Sounds good, but don’t just concentrate on “No Loads”. You need to learn basic investment principles and strategies. I suggested a no load as a place to start. There are load funds that are very good, but you need to gain some experience an knowledge before your ready for that. There are other things to look out for aside from commissions, such as maintenance fees, transaction fees, ad nauseam. Start w/ investing basics and you will find the right path for you.
I wish you a prosperous and fulfilling life.
Again, marvelously sound advice. Thanks, A.R.
There is no reason not to have the Hubby roll $20/pmonth into a no-load IRA of his own. If you can afford it (or more) it is unimaginable to me that you will ever look back at that as a mistake.
BTW $700 in an IRA for 45 years (assumptions here: you are 20, retiring at 65, a 7% average return and never ever adding another cent) is $14,702 in a Roth - $12,818 in a regular IRA. Imagine the sum if in 5-10-15 years you could begin adding to that sum.
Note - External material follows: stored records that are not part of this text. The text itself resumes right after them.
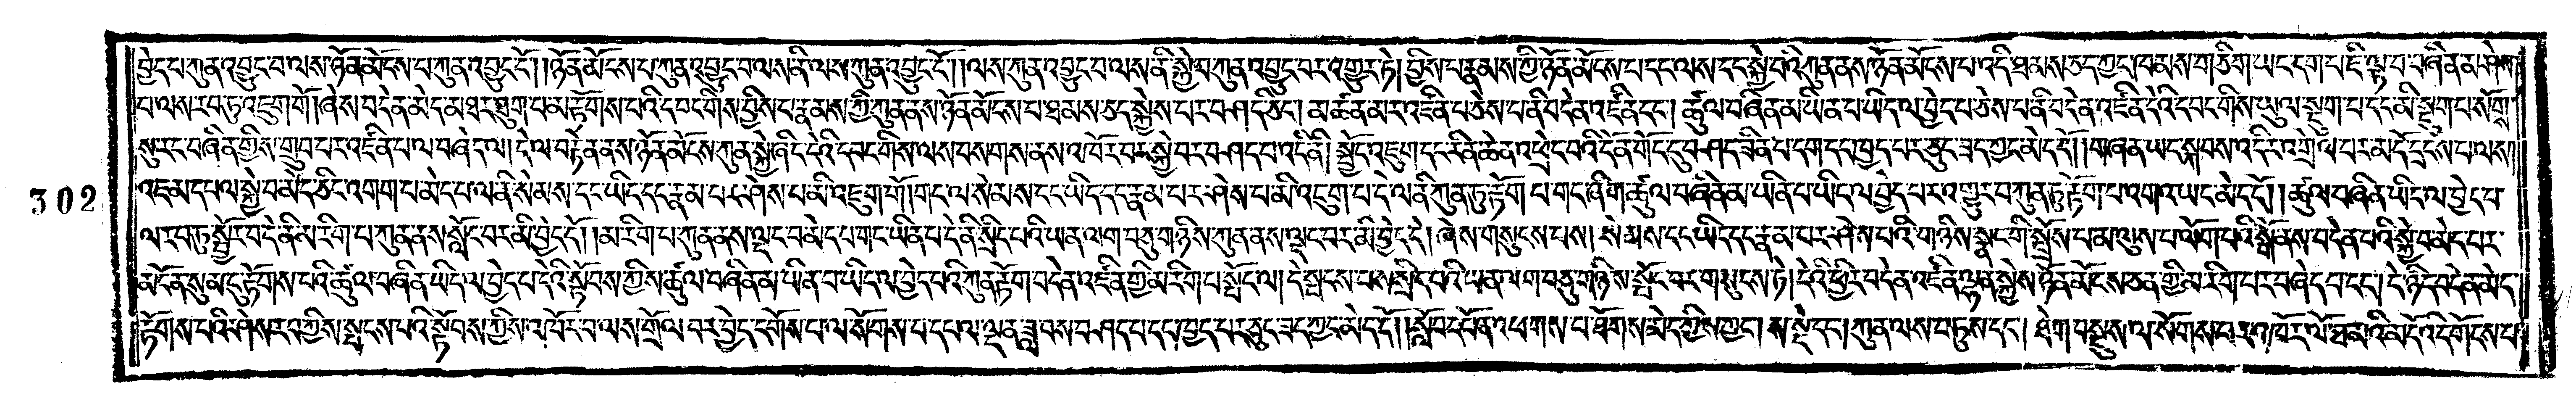བྱེད་བ་ཀུན་འབྱུང་བ་ལས་ཉོན་མོངས་བ་ཀུན་འབྱུང་ངོ། །ཉོན་མོངས་པ་ཀུན་འབྱུང་བ་ལས་ནི་ལས་ཀུན་འབྱུང་ངོ། །ལས་ཀུན་འབྱུང་བ་ལས་ནི་སྐྱེ་བ་ཀུན་འབྱུང་བར་འགྱུར་ཏེ། བྱིས་པ་རྣམས་ཀྱི་ཉོན་མོངས་པ་དང་ལས་དང་སྐྱེ་བའི་ཀུན་ནས་ཉོན་མོངས་པ་འདི་ཐམས་ཅད་ཀྱང་ཁམས་གཅིག་ཡང་དག་པ་ཇི་ལྟ་བ་བཞིན་མ་ཤེས་
པ་ལས་རབ་ཏུ་འཇུག་གོ །ཞེས་བདེན་མེད་མཐར་ཐུག་པ་མ་རྟོགས་པའི་དབང་གིས་བྱིས་པ་རྣམས་ཀྱི་ཀུན་ནས་ཉོན་མོངས་པ་ཐམས་ཅད་སྐྱེས་པར་བཤད་ཅིང་། མཚན་མར་འཛིན་པ་ཅེས་པ་ནི་བདེན་འཛིན་དང་། ཚུལ་བཞིན་མ་ཡིན་པ་ཡིད་ལ་བྱེད་པ་ཅེས་པ་ནི་བདེན་འཛིན་དེའི་དབང་གིས་ཡུལ་སྡུག་པ་དང་མི་སྡུག་པ་སོགས་
སུ་རང་བཞིན་གྱིས་གྲུབ་པར་འཛིན་པ་ལ་བཞེད་ལ། དེ་ལ་བརྟེན་ནས་ཉོན་མོངས་ཀུན་སྐྱེ་ཞིང་དེའི་དབང་གིས་ལས་བསགས་ནས་འཁོར་བར་སྐྱེ་བར་བཤད་པ་འདི་ནི། སྤྱོད་འཇུག་དང་རིན་ཆེན་འཕྲེང་བའི་དོན་གོང་དུ་བཤད་ཟིན་པ་དག་དང་ཁྱད་པར་ཅུང་ཟད་ཀྱང་མེད་དོ། །གཞན་ཡང་སྐབས་འདིར་འགྲེལ་བར་མདོ་དྲངས་པ་ལས།
འཇམ་དཔལ་སྐྱེ་བ་མེད་ཅིང་འགག་པ་མེད་པ་ལ་ནི་སེམས་དང་ཡིད་དང་རྣམ་པར་ཤེས་པ་མི་འཇུག་གོ །གང་ལ་སེམས་དང་ཡིད་དང་རྣམ་པར་ཤེས་པ་མི་འཇུག་པ་དེ་ལ་ནི་ཀུན་ཏུ་རྟོག་པ་གང་ཞིག་ཚུལ་བཞིན་མ་ཡིན་པ་ཡིད་ལ་བྱེད་པར་འགྱུར་བ་ཀུན་ཏུ་རྟོག་པ་འགའ་ཡང་མེད་དོ། །ཚུལ་བཞིན་ཡིད་ལ་བྱེད་བ་
ལ་རབ་ཏུ་སྦྱོར་བདེན་ནི་མ་རིག་པ་ཀུན་ནས་སློང་བར་མི་བྱེད་དོ། །མ་རིག་པ་ཀུན་ནས་ལྡང་བ་མེད་པ་གང་ཡིན་པ་དེ་ནི་སྲིད་པའི་ཡན་ལག་བཅུ་གཉིས་ཀུན་ནས་ལྡང་བར་མི་བྱེད་དེ། ཞེས་གསུངས་པས། སེམས་དང་ཡིད་དང་རྣམ་པར་ཤེས་པའི་གཉིས་སྣང་གི་སྤྲོས་པ་མ་ལུས་པ་ལོག་པའི་སྒོ་ནས་བདེན་པའི་སྐྱེ་བ་མེད་པར་
མངོན་སུམ་དུ་རྟོགས་པའི་ཚུལ་བཞིན་ཡིད་ལ་བྱེད་པ་དེའི་སྟོབས་ཀྱིས་ཚུལ་བཞིན་མ་ཡིན་པ་ཡིད་ལ་བྱེད་པའི་ཀུན་རྟོག་བདེན་འཛིན་གྱི་མ་རིག་པ་སྤོང་ལ། དེ་སྤངས་པས་སྲིད་པའི་ཡན་ལག་བཅུ་གཉིས་སྤོང་བར་གསུངས་ཏེ། དེའི་ཕྱིར་བདེན་འཛིན་ལྷན་སྐྱེས་ཉོན་མོངས་ཅན་གྱི་མ་རིག་པར་བཞེད་པ་དང་། དེ་ཉིད་བདེན་མེད་
རྟོགས་པའི་ཤེས་རབ་ཀྱིས་སྤངས་པའི་སྟོབས་ཀྱིས་འཁོར་བ་ལས་གྲོལ་བར་བྱེད་དགོས་པ་ལ་སོགས་པ་དཔལ་ལྡན་ཟླ་བས་བཤད་པ་དང་ཁྱད་པར་ཅུང་ཟད་ཀྱང་མེད་དོ། །སློབ་དཔོན་འཕགས་པ་ཐོགས་མེད་ཀྱིས་ཀྱང་། ས་སྡེ་དང་། ཀུན་ལས་བཏུས་དང་། ཐེག་བསྡུས་ལ་སོགས་པར་འཁོར་ལོ་ཐ་མའི་མདོའི་དགོངས་པ་

Very smart of you to begin now – if you can afford it.
You’re very conservative at 7%. I believe, historically, it’s closer to 11%. For those interested here’s a site for the rule of 72’s: http://www.ruleof72.net/rule-of-72-learn.asp
Well define “conservative” maybe slightly - but I doubt any financial planner would tell a young person plan an 11% average return on a Roth for 45 years – do you?
The Economist looked at a Century worth of data I think 7% shows that it is a more true average return - altho most Colleges are going to use an 8.5ish number
Correcting for these factors, as well as using a full century of data, gives a wide range of equity-risk premiums, with Denmark at the bottom of the league and Germany at the top. Messrs Dimson, Marsh and Staunton estimate a global historical average equity premium, over bonds, of 4.6 percentage points (see chart). That is nearly half the widely received forward-looking estimate of 8.8 percentage points from Ibbotson Associates, a consulting firm, and the 8.5 percentage points taught in finance courses everywhere (chart 2).
I see where you’re coming from and we definitely want to start saving as soon as possible. It’s just hard to justify setting anything aside while we still owe on our credit cards. (We financed the large portion of our wedding.) I mean, what’s the point of earning 7% when the cards all start charging at 18%? The only reason we aren’t putting this accidental $700 towards the cards is because it would be so little money by the time it actually reached our hands.
I’ll concede that I’m on the optimistic side, but even using 8.5% would turn the $700.00 into about $30,000.00, twice your estimate. It’s a moot point really. An IRA in your 20’s is still an excellent choice, even if your periodic contributions are very modest.